***** Extracted material

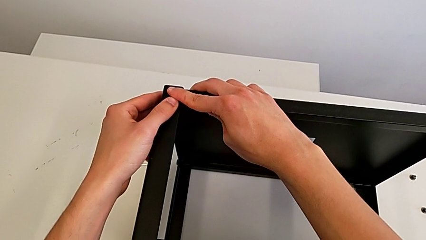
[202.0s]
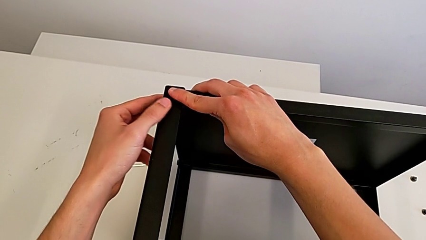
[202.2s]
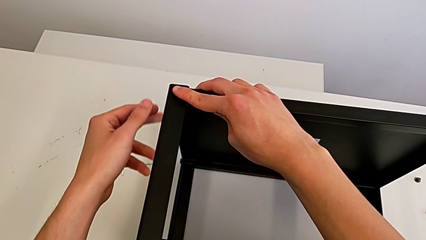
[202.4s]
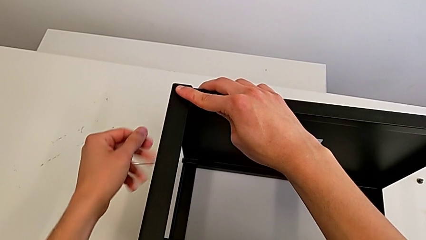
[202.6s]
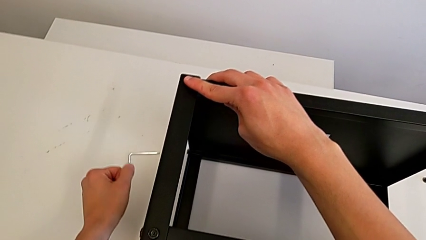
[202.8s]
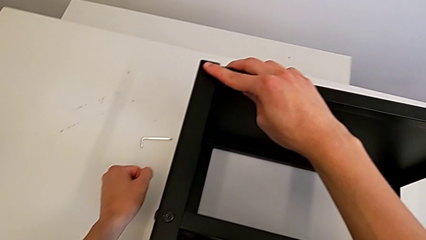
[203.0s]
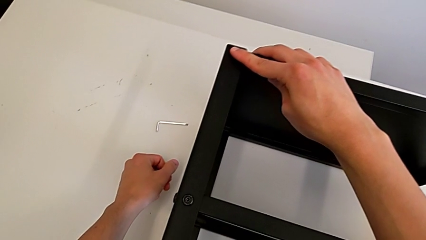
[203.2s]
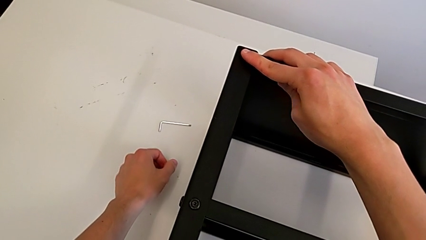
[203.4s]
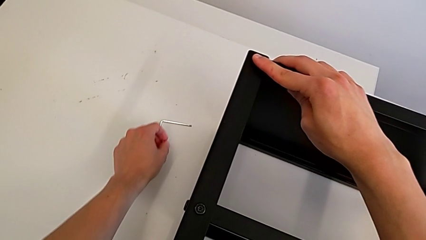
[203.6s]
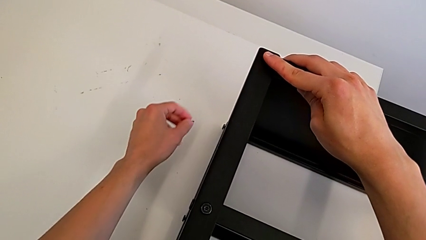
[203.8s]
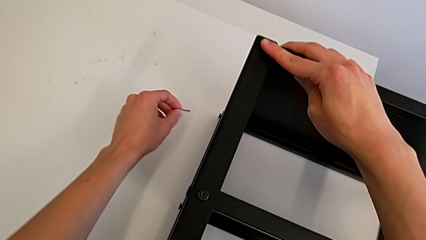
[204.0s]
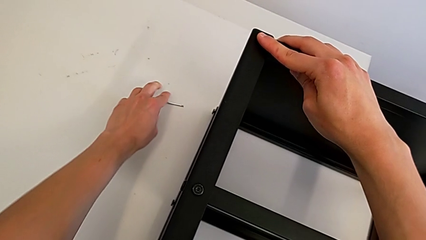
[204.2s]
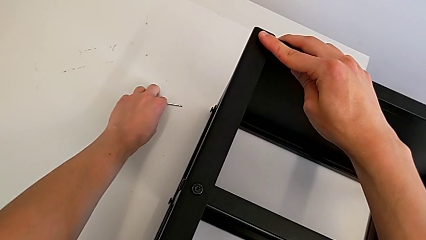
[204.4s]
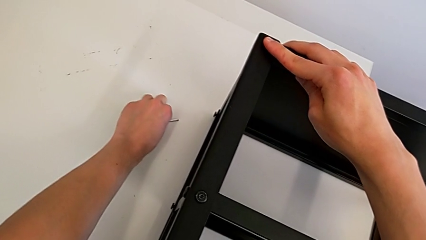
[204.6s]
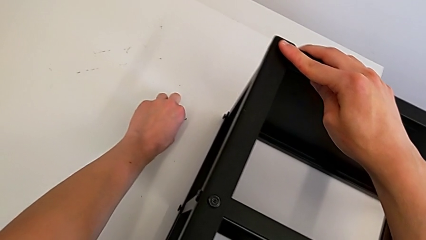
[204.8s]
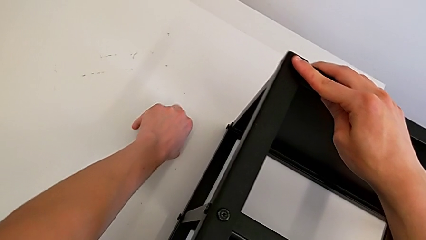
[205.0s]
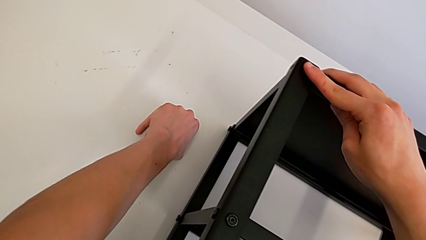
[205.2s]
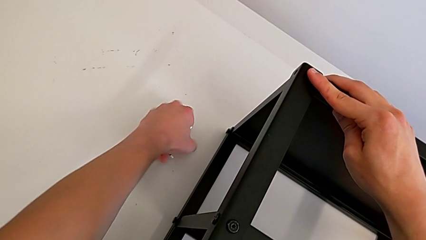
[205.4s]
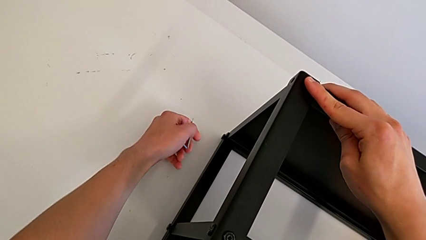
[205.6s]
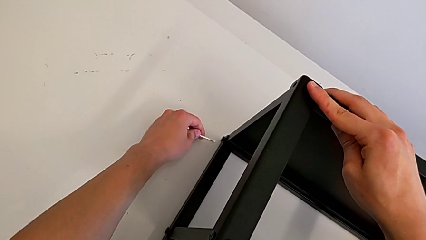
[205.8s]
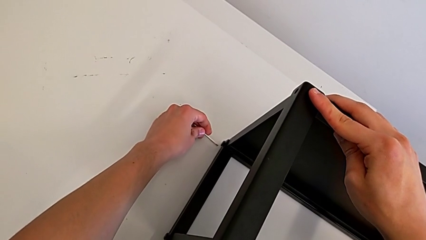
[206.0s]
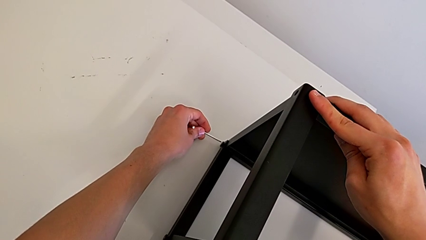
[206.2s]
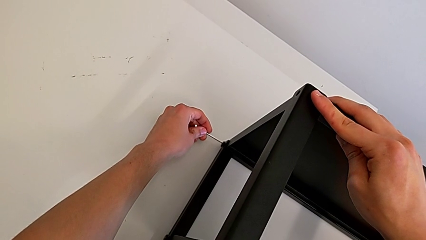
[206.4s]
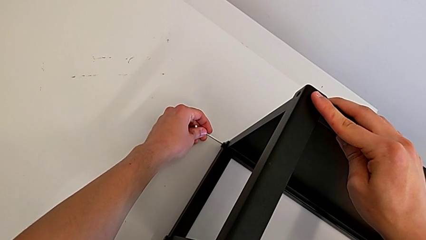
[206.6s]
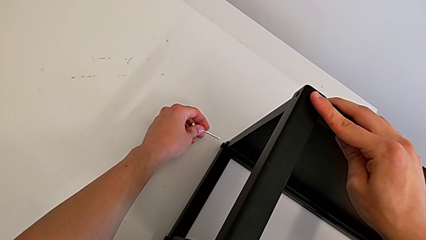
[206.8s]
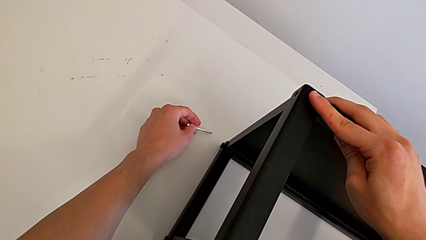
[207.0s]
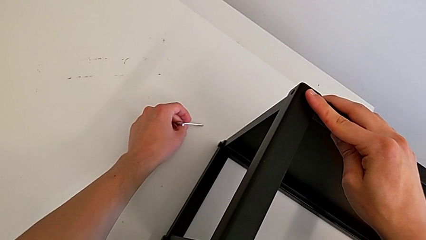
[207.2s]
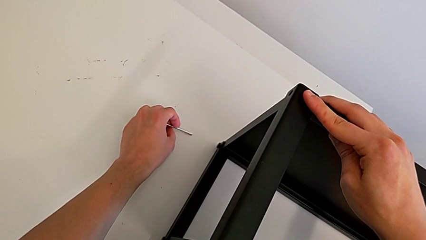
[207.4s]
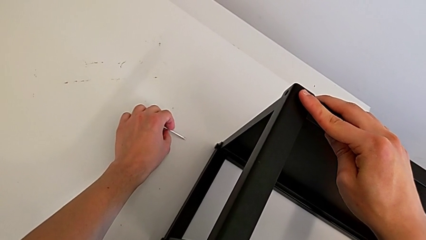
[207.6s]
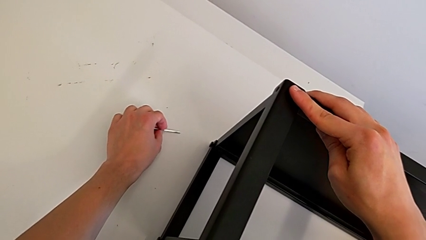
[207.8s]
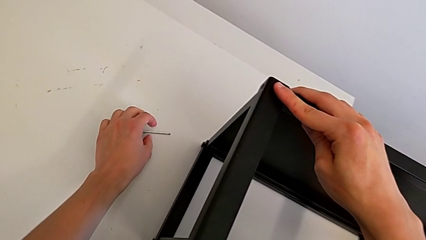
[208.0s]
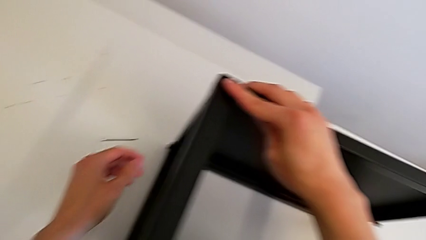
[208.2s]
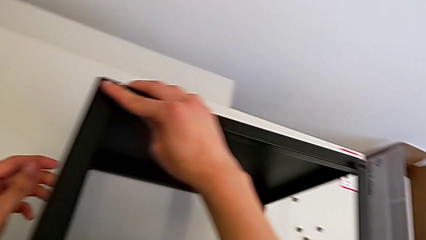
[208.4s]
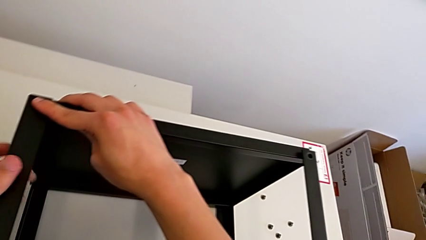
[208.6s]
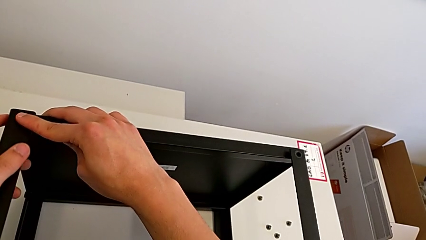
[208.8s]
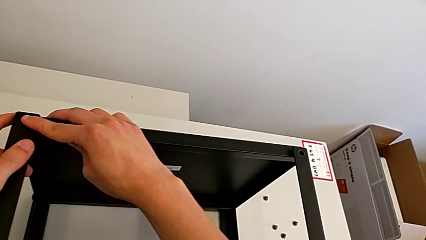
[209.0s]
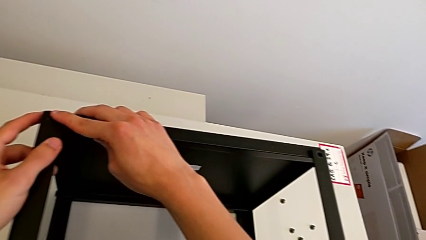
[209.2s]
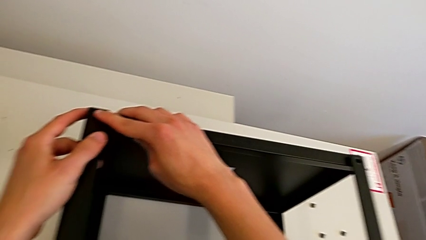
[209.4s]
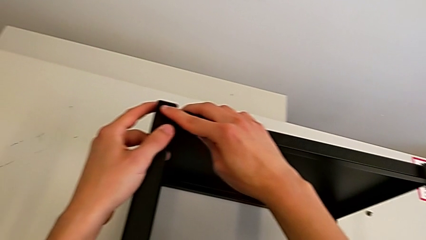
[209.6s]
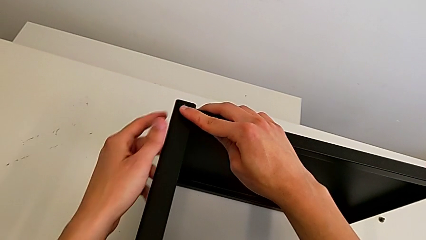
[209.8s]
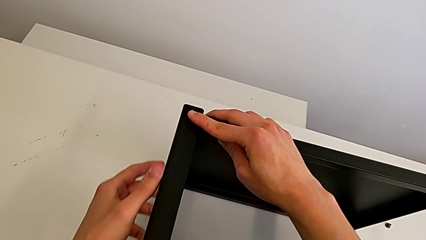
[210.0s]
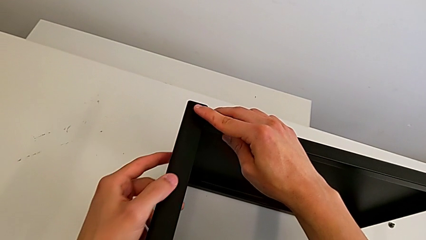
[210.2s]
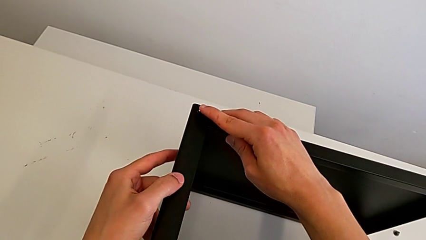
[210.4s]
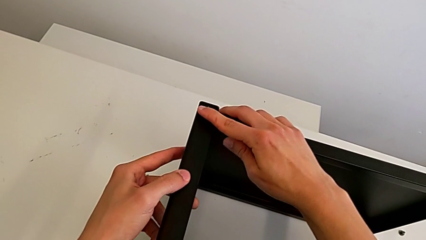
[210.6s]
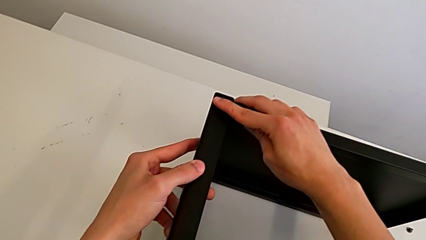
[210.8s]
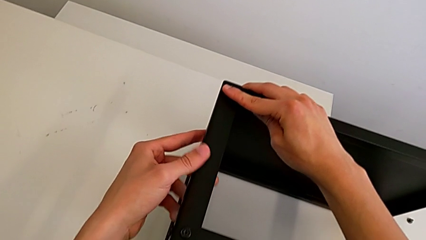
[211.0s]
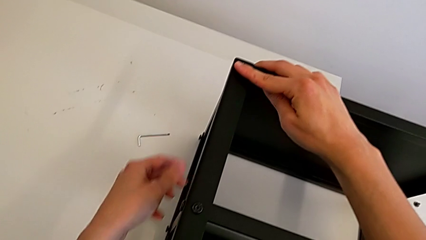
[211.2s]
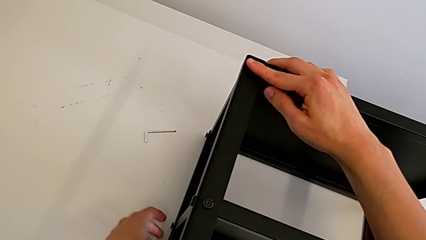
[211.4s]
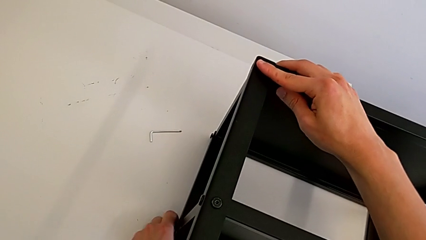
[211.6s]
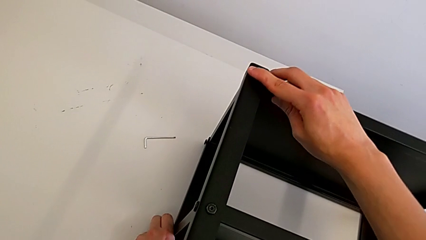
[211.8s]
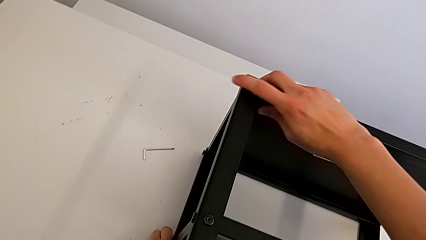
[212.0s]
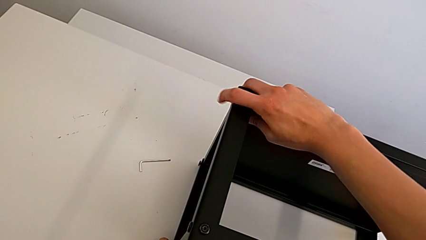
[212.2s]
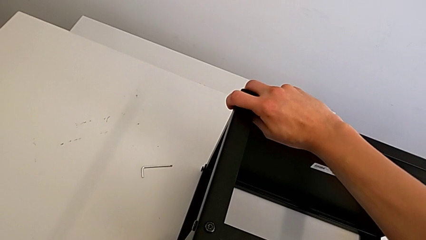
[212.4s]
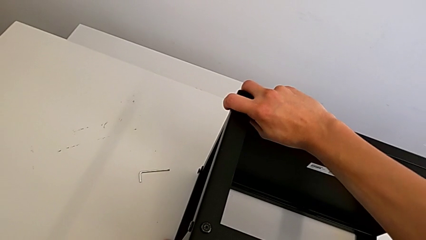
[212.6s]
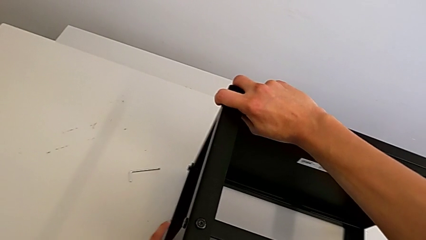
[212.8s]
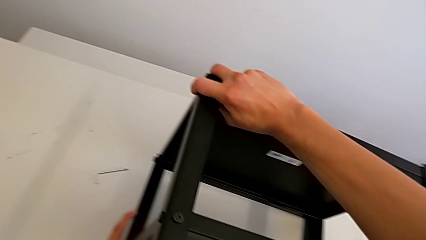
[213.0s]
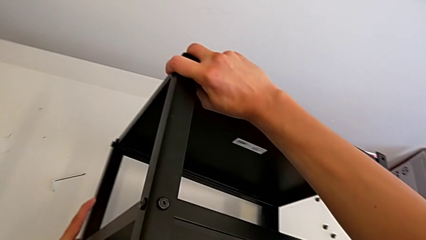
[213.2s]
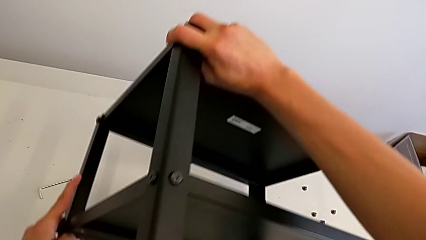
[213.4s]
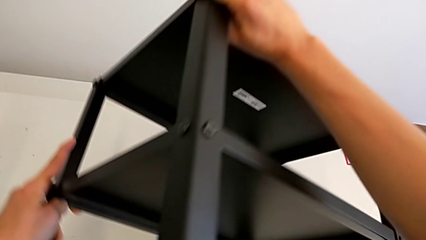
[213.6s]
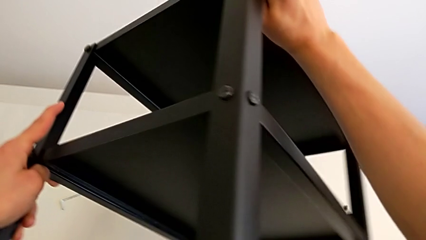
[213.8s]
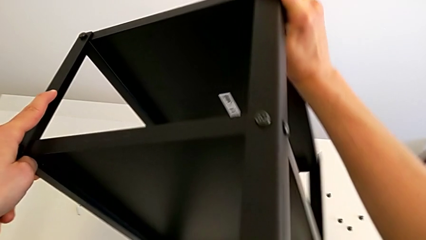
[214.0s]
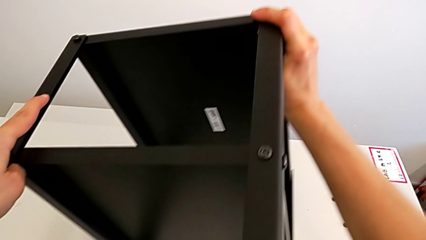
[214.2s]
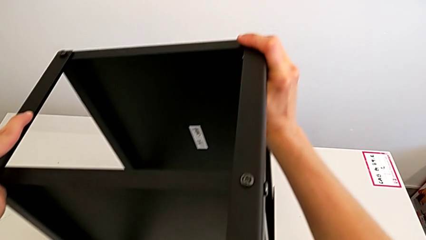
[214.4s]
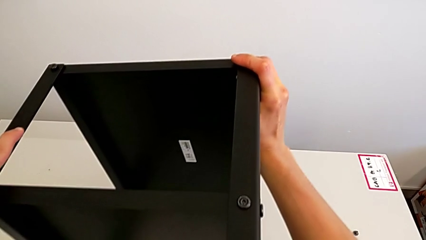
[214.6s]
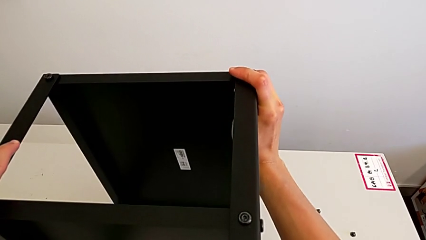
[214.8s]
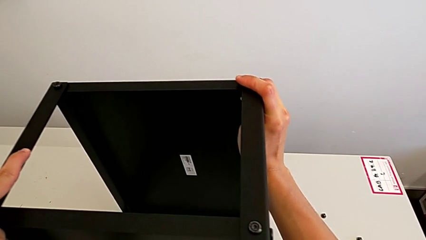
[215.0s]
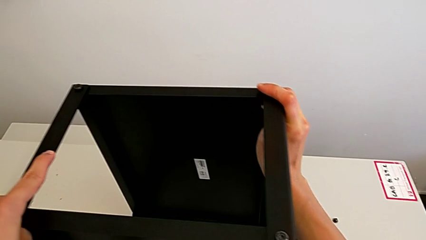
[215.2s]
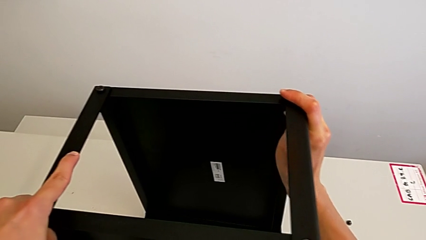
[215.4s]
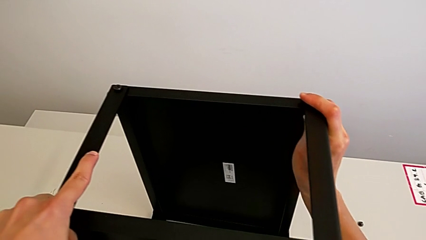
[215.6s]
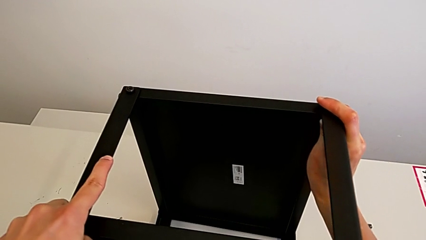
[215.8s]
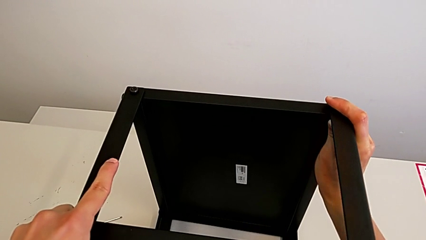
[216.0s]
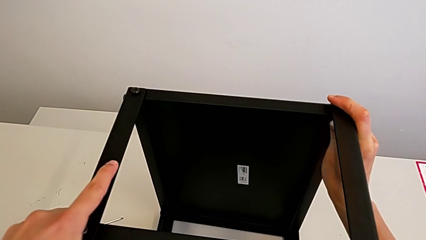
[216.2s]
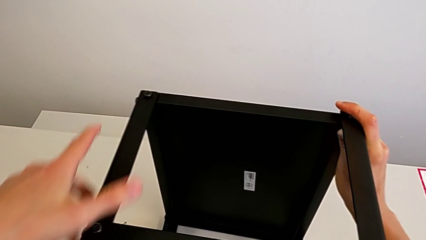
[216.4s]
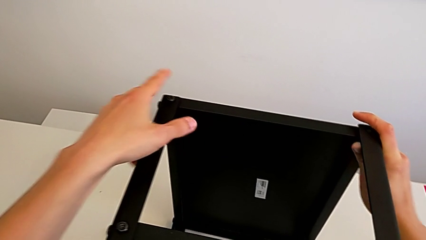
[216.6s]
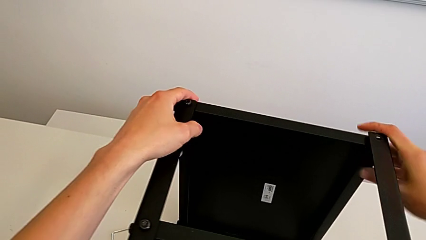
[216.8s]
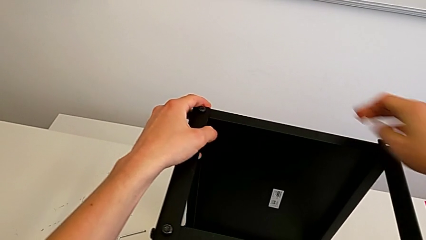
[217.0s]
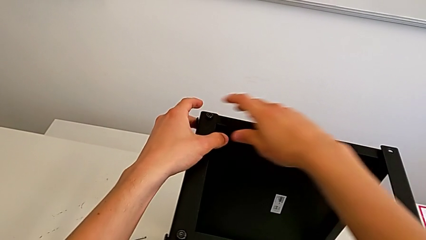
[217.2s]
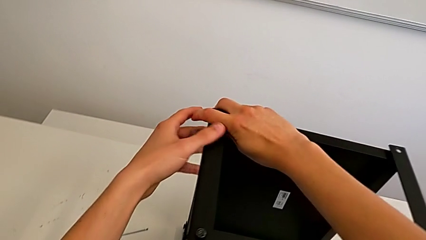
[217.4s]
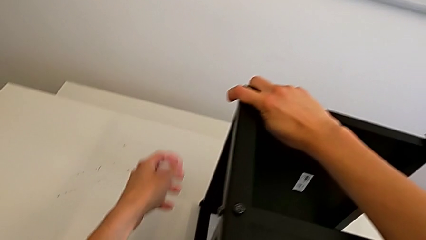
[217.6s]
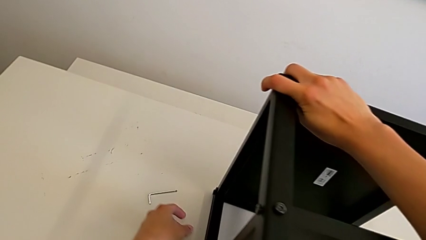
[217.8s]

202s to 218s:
The camera wearer is attempting to unscrew the fifth screw of the table. They grab the Allen wrench, place it, grab the nightstand and begin to rotate it.

**********

Your task
The job is to copy all the records precisely while omitting any picture.

Exercise answer
[202.0s]
[202.2s]
[202.4s]
[202.6s]
[202.8s]
[203.0s]
[203.2s]
[203.4s]
[203.6s]
[203.8s]
[204.0s]
[204.2s]
[204.4s]
[204.6s]
[204.8s]
[205.0s]
[205.2s]
[205.4s]
[205.6s]
[205.8s]
[206.0s]
[206.2s]
[206.4s]
[206.6s]
[206.8s]
[207.0s]
[207.2s]
[207.4s]
[207.6s]
[207.8s]
[208.0s]
[208.2s]
[208.4s]
[208.6s]
[208.8s]
[209.0s]
[209.2s]
[209.4s]
[209.6s]
[209.8s]
[210.0s]
[210.2s]
[210.4s]
[210.6s]
[210.8s]
[211.0s]
[211.2s]
[211.4s]
[211.6s]
[211.8s]
[212.0s]
[212.2s]
[212.4s]
[212.6s]
[212.8s]
[213.0s]
[213.2s]
[213.4s]
[213.6s]
[213.8s]
[214.0s]
[214.2s]
[214.4s]
[214.6s]
[214.8s]
[215.0s]
[215.2s]
[215.4s]
[215.6s]
[215.8s]
[216.0s]
[216.2s]
[216.4s]
[216.6s]
[216.8s]
[217.0s]
[217.2s]
[217.4s]
[217.6s]
[217.8s]

202s to 218s:
The camera wearer is attempting to unscrew the fifth screw of the table. They grab the Allen wrench, place it, grab the nightstand and begin to rotate it.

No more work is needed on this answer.